I’m closer to deciding how the shoe soles will work. I’m thinking a two part sole, lower and insole, that sandwiches the edge of the shoe upper. Connect these with some bolts. This would allow for relatively easy swapping of the three main areas as wear takes hold, or more importantly, as situations dictated. Dressing up, put on the shiny tops. Going hiking, put on the hob soles. Getting a callous, change the insole. Is this germane to the subject of the post, no. Is this germane to the spirit of the post, yes. I wonder how bad it would be to walk on some m2 screws all day.

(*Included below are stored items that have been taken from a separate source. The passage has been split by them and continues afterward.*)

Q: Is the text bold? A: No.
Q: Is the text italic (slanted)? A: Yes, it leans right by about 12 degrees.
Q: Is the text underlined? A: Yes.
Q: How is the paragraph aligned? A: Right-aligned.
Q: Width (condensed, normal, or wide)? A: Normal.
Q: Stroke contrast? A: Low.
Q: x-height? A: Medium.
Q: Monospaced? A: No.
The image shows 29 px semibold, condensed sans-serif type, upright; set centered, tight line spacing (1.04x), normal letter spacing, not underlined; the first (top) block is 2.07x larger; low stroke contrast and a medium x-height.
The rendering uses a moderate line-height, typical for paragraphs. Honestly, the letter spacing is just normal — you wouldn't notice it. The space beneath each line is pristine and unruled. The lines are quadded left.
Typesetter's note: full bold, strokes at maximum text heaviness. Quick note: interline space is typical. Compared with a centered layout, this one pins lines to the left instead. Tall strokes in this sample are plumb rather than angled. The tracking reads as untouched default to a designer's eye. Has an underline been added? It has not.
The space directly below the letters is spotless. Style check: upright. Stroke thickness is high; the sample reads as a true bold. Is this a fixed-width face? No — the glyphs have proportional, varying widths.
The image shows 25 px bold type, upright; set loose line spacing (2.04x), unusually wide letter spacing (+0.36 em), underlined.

Tomorrow, during the prep for the feast of feasts, I’ll try a short run to see if there Wif takes issue. I did run this by her yesterday, so its not like I’m pulling a fast one. I just want her honest, this is fine or this is an issue.

The experiment was a success, though I’m damping my enthusiasm as the Wif was midway into a turkey at the time. Overall though, I think I’ve got one less excuse. I’m still looking into why my z-axis just doesn’t rise, but that’s a relatively small issue. I’ve also finally decided that, me being me, and me being a person who cares about form over function within reason, I’ll just use Blender. Parametric design is sweet and all, but it’s impractical for what I do. I’ll almost definitely rue this decision.

I think this ongoing part of already helping though. Other than some Kingdom of Loathing, my computer has been pretty much on point for work rather than play. This has been true for a week or two now. I almost feel this is past a manic phase and straight into a new paradigm.